• _Extracted data_
#####

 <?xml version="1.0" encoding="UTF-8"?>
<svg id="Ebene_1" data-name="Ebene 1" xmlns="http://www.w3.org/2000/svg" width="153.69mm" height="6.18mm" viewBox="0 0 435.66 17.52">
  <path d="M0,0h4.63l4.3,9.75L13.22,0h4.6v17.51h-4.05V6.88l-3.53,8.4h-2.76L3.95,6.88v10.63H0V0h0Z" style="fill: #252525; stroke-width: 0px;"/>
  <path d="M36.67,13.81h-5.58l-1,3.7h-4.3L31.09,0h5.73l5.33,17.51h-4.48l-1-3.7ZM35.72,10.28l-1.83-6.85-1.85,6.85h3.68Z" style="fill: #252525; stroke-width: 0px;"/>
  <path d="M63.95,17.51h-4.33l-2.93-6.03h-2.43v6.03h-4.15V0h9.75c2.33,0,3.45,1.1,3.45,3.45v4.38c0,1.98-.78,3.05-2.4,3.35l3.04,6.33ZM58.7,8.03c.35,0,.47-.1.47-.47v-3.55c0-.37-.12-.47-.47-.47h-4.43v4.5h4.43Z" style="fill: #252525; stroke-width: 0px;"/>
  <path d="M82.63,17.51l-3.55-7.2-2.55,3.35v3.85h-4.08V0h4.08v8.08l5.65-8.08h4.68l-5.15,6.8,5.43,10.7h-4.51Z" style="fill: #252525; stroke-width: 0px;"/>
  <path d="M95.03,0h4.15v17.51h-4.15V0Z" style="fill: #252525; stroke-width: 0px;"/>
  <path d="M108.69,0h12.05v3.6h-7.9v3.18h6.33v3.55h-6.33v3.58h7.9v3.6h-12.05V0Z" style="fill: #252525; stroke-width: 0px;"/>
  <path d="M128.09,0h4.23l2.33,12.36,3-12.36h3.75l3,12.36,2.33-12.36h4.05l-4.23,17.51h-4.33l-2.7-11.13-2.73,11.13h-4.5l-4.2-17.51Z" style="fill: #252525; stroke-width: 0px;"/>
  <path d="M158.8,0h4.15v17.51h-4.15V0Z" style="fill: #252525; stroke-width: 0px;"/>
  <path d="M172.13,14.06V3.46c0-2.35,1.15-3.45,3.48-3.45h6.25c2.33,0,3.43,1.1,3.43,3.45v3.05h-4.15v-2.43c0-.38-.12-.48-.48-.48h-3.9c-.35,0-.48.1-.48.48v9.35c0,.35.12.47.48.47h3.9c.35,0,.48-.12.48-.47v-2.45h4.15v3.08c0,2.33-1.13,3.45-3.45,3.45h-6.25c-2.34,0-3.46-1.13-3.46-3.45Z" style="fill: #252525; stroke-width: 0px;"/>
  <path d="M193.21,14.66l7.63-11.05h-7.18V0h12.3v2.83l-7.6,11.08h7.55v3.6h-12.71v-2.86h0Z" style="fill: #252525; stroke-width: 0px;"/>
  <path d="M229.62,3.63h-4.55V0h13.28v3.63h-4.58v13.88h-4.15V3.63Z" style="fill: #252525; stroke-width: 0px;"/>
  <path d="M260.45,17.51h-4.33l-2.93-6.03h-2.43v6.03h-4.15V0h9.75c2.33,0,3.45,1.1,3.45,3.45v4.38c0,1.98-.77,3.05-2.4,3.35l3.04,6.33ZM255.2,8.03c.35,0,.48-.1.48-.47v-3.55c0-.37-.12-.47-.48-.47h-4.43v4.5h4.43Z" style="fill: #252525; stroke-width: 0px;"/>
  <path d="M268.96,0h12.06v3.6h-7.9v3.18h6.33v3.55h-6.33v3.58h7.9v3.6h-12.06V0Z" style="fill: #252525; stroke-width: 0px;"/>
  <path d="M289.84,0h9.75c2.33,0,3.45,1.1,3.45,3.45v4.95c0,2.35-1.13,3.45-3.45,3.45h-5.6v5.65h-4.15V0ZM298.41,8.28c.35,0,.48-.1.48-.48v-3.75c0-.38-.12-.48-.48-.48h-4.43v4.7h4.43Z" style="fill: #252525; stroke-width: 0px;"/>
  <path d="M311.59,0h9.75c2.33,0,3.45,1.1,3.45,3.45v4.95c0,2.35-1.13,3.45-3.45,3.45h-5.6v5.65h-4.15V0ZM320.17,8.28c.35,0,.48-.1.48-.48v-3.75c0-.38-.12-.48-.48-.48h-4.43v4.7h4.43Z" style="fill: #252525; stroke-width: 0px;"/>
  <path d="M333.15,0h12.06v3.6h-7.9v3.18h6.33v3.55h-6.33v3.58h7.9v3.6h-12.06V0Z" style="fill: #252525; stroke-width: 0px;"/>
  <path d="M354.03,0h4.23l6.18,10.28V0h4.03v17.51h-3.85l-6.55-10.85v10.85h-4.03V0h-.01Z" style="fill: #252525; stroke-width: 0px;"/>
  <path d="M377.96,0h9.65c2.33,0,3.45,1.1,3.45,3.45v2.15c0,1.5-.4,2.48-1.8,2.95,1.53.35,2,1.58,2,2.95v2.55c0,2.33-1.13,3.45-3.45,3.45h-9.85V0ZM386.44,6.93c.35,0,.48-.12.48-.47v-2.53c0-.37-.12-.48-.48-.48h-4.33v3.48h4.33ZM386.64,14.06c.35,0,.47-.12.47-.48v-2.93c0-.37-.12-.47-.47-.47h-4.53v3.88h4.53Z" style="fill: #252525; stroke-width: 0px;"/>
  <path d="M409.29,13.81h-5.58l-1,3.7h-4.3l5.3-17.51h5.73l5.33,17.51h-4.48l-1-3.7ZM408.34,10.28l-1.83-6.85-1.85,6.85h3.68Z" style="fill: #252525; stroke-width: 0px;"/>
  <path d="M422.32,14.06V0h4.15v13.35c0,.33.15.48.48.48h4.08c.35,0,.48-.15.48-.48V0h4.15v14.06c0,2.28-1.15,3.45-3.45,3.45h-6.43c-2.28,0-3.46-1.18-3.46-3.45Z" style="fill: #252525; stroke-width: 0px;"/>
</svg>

#####

Output all of the records exactly, with nothing omitted.

• _Answer space_
 <?xml version="1.0" encoding="UTF-8"?>
<svg id="Ebene_1" data-name="Ebene 1" xmlns="http://www.w3.org/2000/svg" width="153.69mm" height="6.18mm" viewBox="0 0 435.66 17.52">
  <path d="M0,0h4.63l4.3,9.75L13.22,0h4.6v17.51h-4.05V6.88l-3.53,8.4h-2.76L3.95,6.88v10.63H0V0h0Z" style="fill: #252525; stroke-width: 0px;"/>
  <path d="M36.67,13.81h-5.58l-1,3.7h-4.3L31.09,0h5.73l5.33,17.51h-4.48l-1-3.7ZM35.72,10.28l-1.83-6.85-1.85,6.85h3.68Z" style="fill: #252525; stroke-width: 0px;"/>
  <path d="M63.95,17.51h-4.33l-2.93-6.03h-2.43v6.03h-4.15V0h9.75c2.33,0,3.45,1.1,3.45,3.45v4.38c0,1.98-.78,3.05-2.4,3.35l3.04,6.33ZM58.7,8.03c.35,0,.47-.1.47-.47v-3.55c0-.37-.12-.47-.47-.47h-4.43v4.5h4.43Z" style="fill: #252525; stroke-width: 0px;"/>
  <path d="M82.63,17.51l-3.55-7.2-2.55,3.35v3.85h-4.08V0h4.08v8.08l5.65-8.08h4.68l-5.15,6.8,5.43,10.7h-4.51Z" style="fill: #252525; stroke-width: 0px;"/>
  <path d="M95.03,0h4.15v17.51h-4.15V0Z" style="fill: #252525; stroke-width: 0px;"/>
  <path d="M108.69,0h12.05v3.6h-7.9v3.18h6.33v3.55h-6.33v3.58h7.9v3.6h-12.05V0Z" style="fill: #252525; stroke-width: 0px;"/>
  <path d="M128.09,0h4.23l2.33,12.36,3-12.36h3.75l3,12.36,2.33-12.36h4.05l-4.23,17.51h-4.33l-2.7-11.13-2.73,11.13h-4.5l-4.2-17.51Z" style="fill: #252525; stroke-width: 0px;"/>
  <path d="M158.8,0h4.15v17.51h-4.15V0Z" style="fill: #252525; stroke-width: 0px;"/>
  <path d="M172.13,14.06V3.46c0-2.35,1.15-3.45,3.48-3.45h6.25c2.33,0,3.43,1.1,3.43,3.45v3.05h-4.15v-2.43c0-.38-.12-.48-.48-.48h-3.9c-.35,0-.48.1-.48.48v9.35c0,.35.12.47.48.47h3.9c.35,0,.48-.12.48-.47v-2.45h4.15v3.08c0,2.33-1.13,3.45-3.45,3.45h-6.25c-2.34,0-3.46-1.13-3.46-3.45Z" style="fill: #252525; stroke-width: 0px;"/>
  <path d="M193.21,14.66l7.63-11.05h-7.18V0h12.3v2.83l-7.6,11.08h7.55v3.6h-12.71v-2.86h0Z" style="fill: #252525; stroke-width: 0px;"/>
  <path d="M229.62,3.63h-4.55V0h13.28v3.63h-4.58v13.88h-4.15V3.63Z" style="fill: #252525; stroke-width: 0px;"/>
  <path d="M260.45,17.51h-4.33l-2.93-6.03h-2.43v6.03h-4.15V0h9.75c2.33,0,3.45,1.1,3.45,3.45v4.38c0,1.98-.77,3.05-2.4,3.35l3.04,6.33ZM255.2,8.03c.35,0,.48-.1.48-.47v-3.55c0-.37-.12-.47-.48-.47h-4.43v4.5h4.43Z" style="fill: #252525; stroke-width: 0px;"/>
  <path d="M268.96,0h12.06v3.6h-7.9v3.18h6.33v3.55h-6.33v3.58h7.9v3.6h-12.06V0Z" style="fill: #252525; stroke-width: 0px;"/>
  <path d="M289.84,0h9.75c2.33,0,3.45,1.1,3.45,3.45v4.95c0,2.35-1.13,3.45-3.45,3.45h-5.6v5.65h-4.15V0ZM298.41,8.28c.35,0,.48-.1.48-.48v-3.75c0-.38-.12-.48-.48-.48h-4.43v4.7h4.43Z" style="fill: #252525; stroke-width: 0px;"/>
  <path d="M311.59,0h9.75c2.33,0,3.45,1.1,3.45,3.45v4.95c0,2.35-1.13,3.45-3.45,3.45h-5.6v5.65h-4.15V0ZM320.17,8.28c.35,0,.48-.1.48-.48v-3.75c0-.38-.12-.48-.48-.48h-4.43v4.7h4.43Z" style="fill: #252525; stroke-width: 0px;"/>
  <path d="M333.15,0h12.06v3.6h-7.9v3.18h6.33v3.55h-6.33v3.58h7.9v3.6h-12.06V0Z" style="fill: #252525; stroke-width: 0px;"/>
  <path d="M354.03,0h4.23l6.18,10.28V0h4.03v17.51h-3.85l-6.55-10.85v10.85h-4.03V0h-.01Z" style="fill: #252525; stroke-width: 0px;"/>
  <path d="M377.96,0h9.65c2.33,0,3.45,1.1,3.45,3.45v2.15c0,1.5-.4,2.48-1.8,2.95,1.53.35,2,1.58,2,2.95v2.55c0,2.33-1.13,3.45-3.45,3.45h-9.85V0ZM386.44,6.93c.35,0,.48-.12.48-.47v-2.53c0-.37-.12-.48-.48-.48h-4.33v3.48h4.33ZM386.64,14.06c.35,0,.47-.12.47-.48v-2.93c0-.37-.12-.47-.47-.47h-4.53v3.88h4.53Z" style="fill: #252525; stroke-width: 0px;"/>
  <path d="M409.29,13.81h-5.58l-1,3.7h-4.3l5.3-17.51h5.73l5.33,17.51h-4.48l-1-3.7ZM408.34,10.28l-1.83-6.85-1.85,6.85h3.68Z" style="fill: #252525; stroke-width: 0px;"/>
  <path d="M422.32,14.06V0h4.15v13.35c0,.33.15.48.48.48h4.08c.35,0,.48-.15.48-.48V0h4.15v14.06c0,2.28-1.15,3.45-3.45,3.45h-6.43c-2.28,0-3.46-1.18-3.46-3.45Z" style="fill: #252525; stroke-width: 0px;"/>
</svg>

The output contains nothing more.